Hacker News new | ask | show | jobs
by dmn001 3154 days ago
There is no issue with parsing and scraping in the same loop as long as there is caching in there as well. You don't want to be hitting the server repeatedly whilst you're debugging.

A project like Scrapy should have caching on by default, but it seems to be an afterthought. Repeatable and reproducible parsing of cached websites is necessary, e.g. if you find additional data fields that you want to parse without downloading the entire site over again.

1 comments

I think the bigger point is the benefit of storing pulled data as is for the future, not so much about hitting the server multiple times. If so, I agree with this 100% -- being able to re-run your algorithms later on a local dataset is a powerful capability. Later time, different computer, new software version -- no problem, you have a local copy of the data.
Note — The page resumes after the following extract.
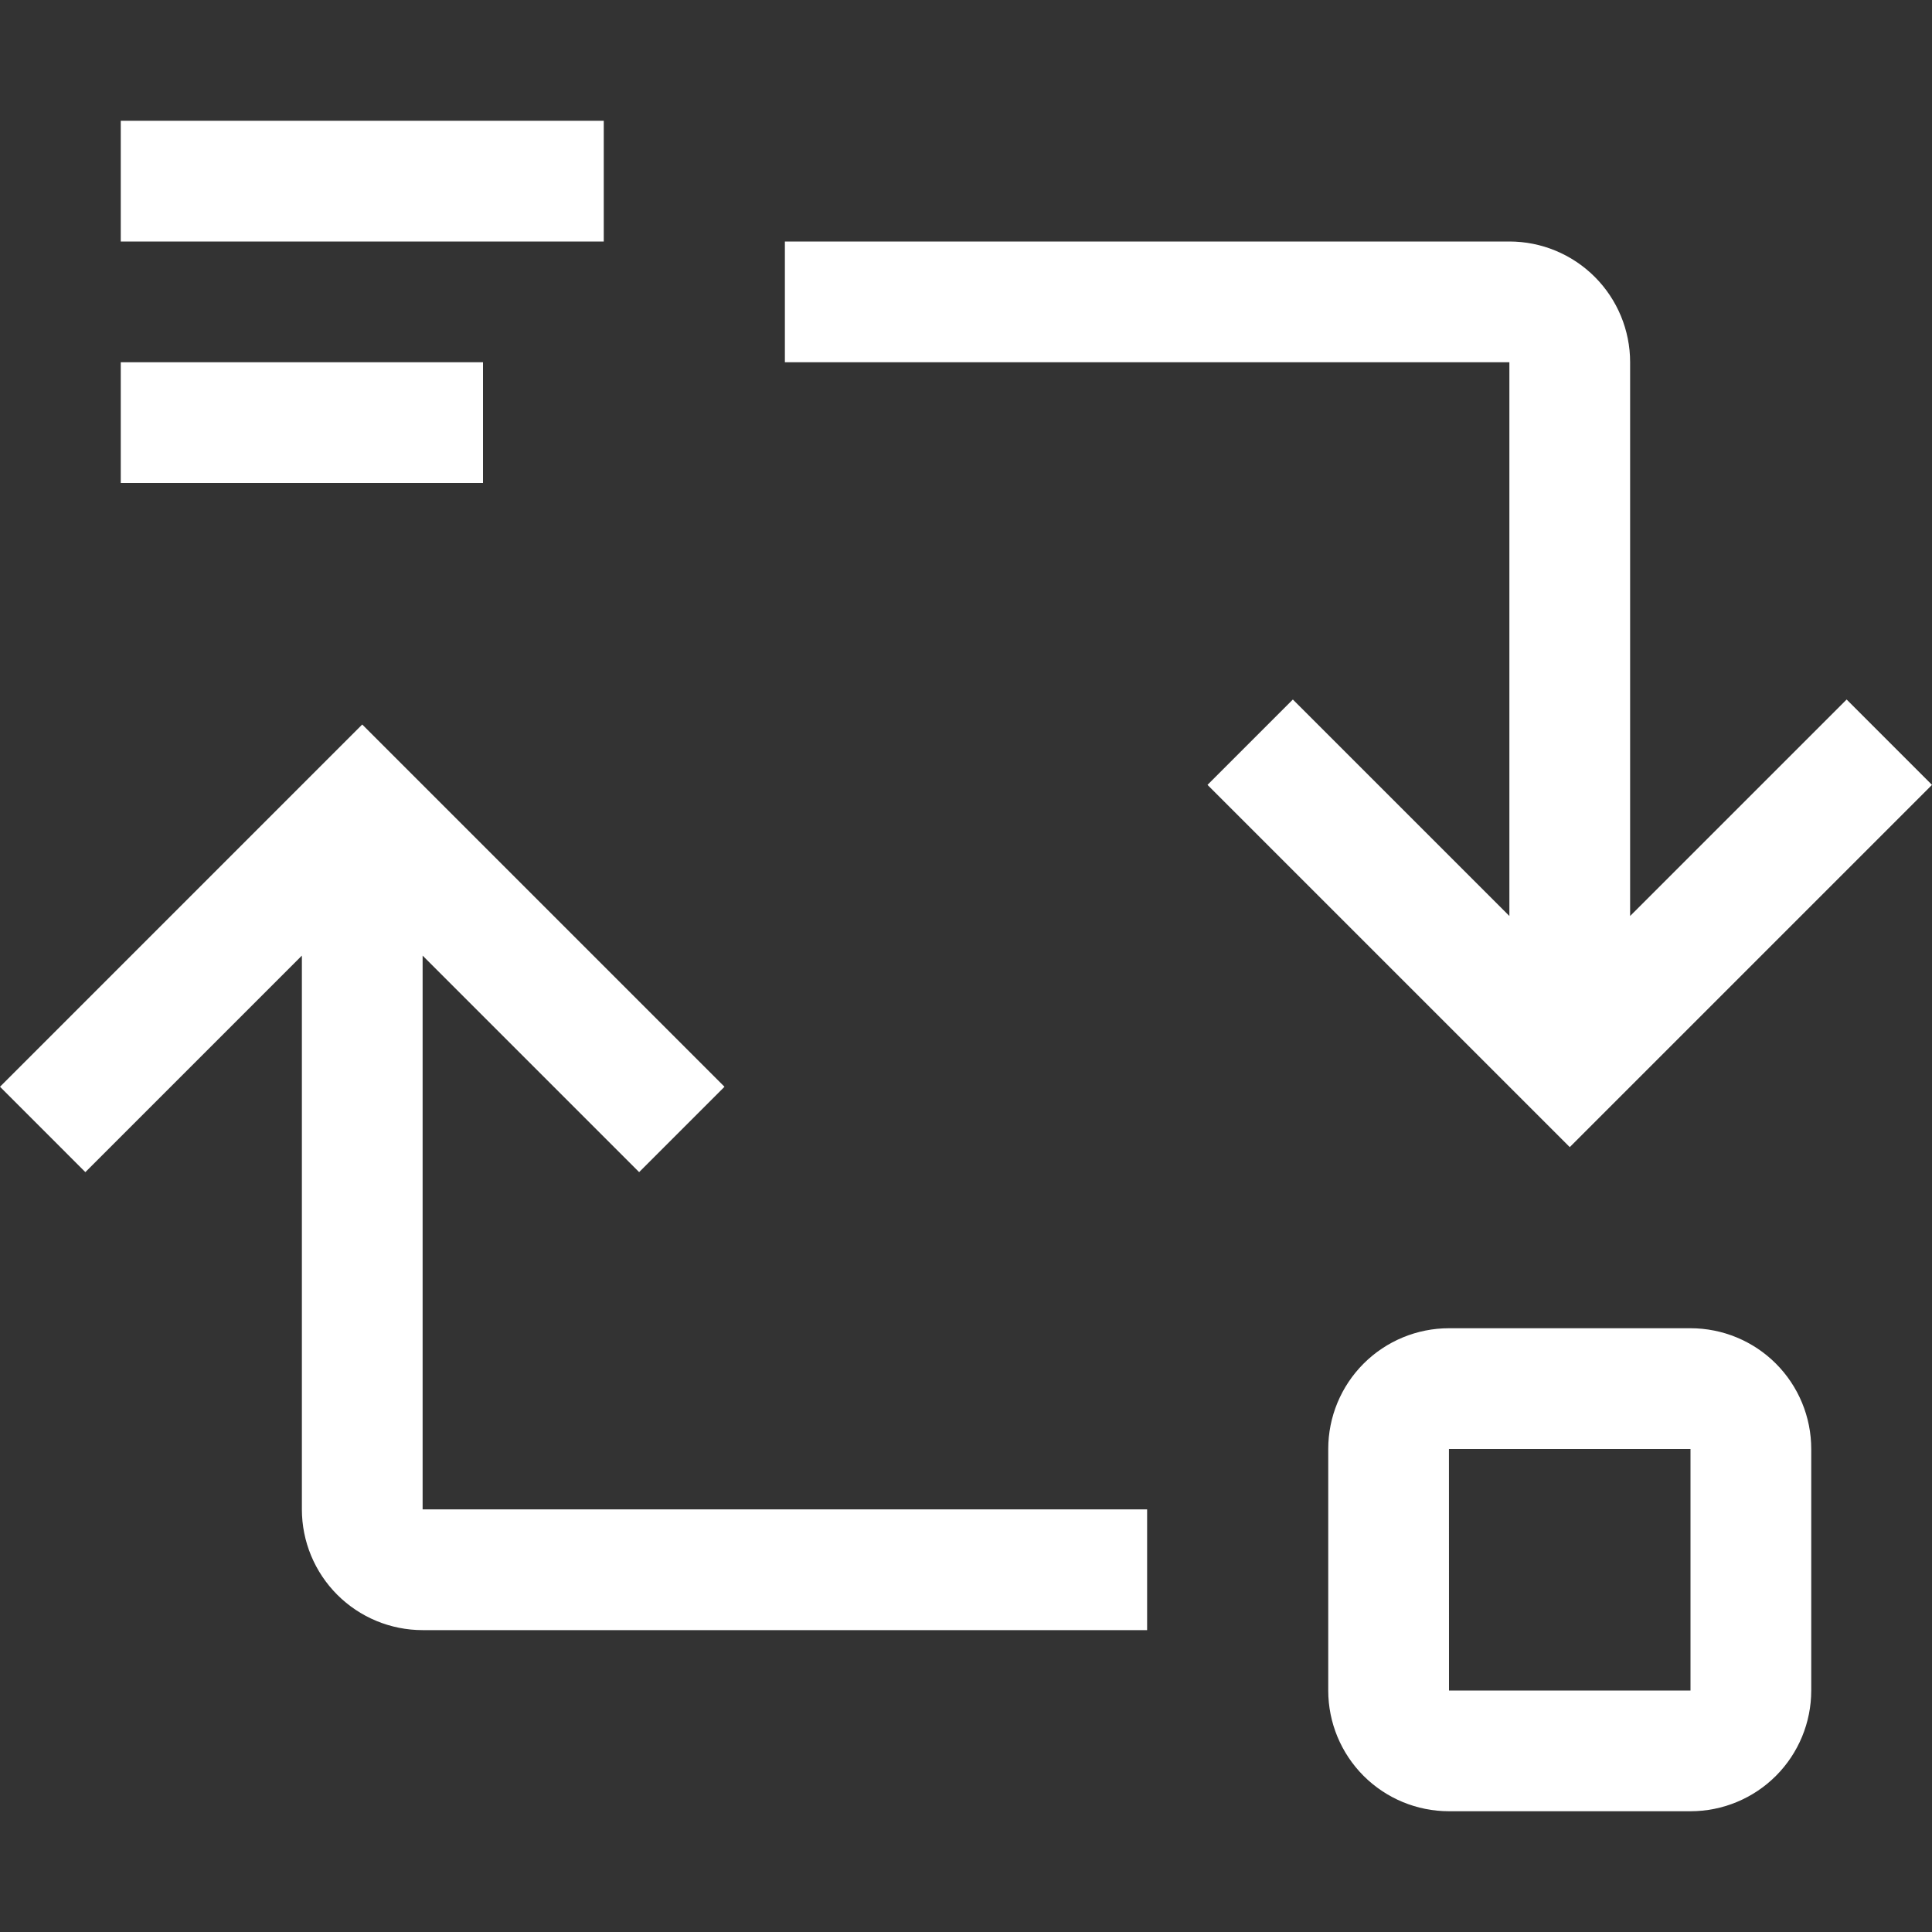 <svg width="75" height="75" viewBox="0 0 75 75" fill="none" xmlns="http://www.w3.org/2000/svg">
<rect x="0" y="0" width="75" height="75" fill="#333333" stroke="none"/>
<path d="M11.719 58.594V37.097L3.314 45.502L0 42.188L14.062 28.125L28.125 42.188L24.811 45.502L16.406 37.097V58.594H44.531V63.281H16.406C15.163 63.281 13.971 62.787 13.092 61.908C12.213 61.029 11.719 59.837 11.719 58.594ZM56.25 51.562H65.625C66.868 51.562 68.061 52.056 68.94 52.935C69.819 53.815 70.312 55.007 70.312 56.25V65.625C70.312 66.868 69.819 68.061 68.94 68.94C68.061 69.819 66.868 70.312 65.625 70.312H56.25C55.007 70.312 53.815 69.819 52.935 68.94C52.056 68.061 51.562 66.868 51.562 65.625V56.25C51.562 55.007 52.056 53.815 52.935 52.935C53.815 52.056 55.007 51.562 56.25 51.562ZM65.625 65.625V56.25H56.248L56.25 65.625H65.625ZM63.281 14.062V35.559L71.686 27.155L75 30.469L60.938 44.531L46.875 30.469L50.189 27.155L58.594 35.559V14.062H30.469V9.375H58.594C59.837 9.375 61.029 9.869 61.908 10.748C62.787 11.627 63.281 12.819 63.281 14.062ZM4.688 14.062H18.75V18.75H4.688V14.062ZM4.688 4.688H23.438V9.375H4.688V4.688Z" fill="white"/>
</svg>

With caching, you are at the mercy of whatever third party caching scheme is used under the hood and raw pulled data can disappear any time without your explicit command (e.g., if some library gets updated and decides that this invalidates the caching scheme).

By caching, I just mean storing of data locally so you don't have to request it again under a certain timeframe. I use my own caching scripts written in Python, if you use a 3rd party library then data deletion does not matter too much either if you configure it properly and backup the data - html/json data compresses really well using lzma2 in 7-zip.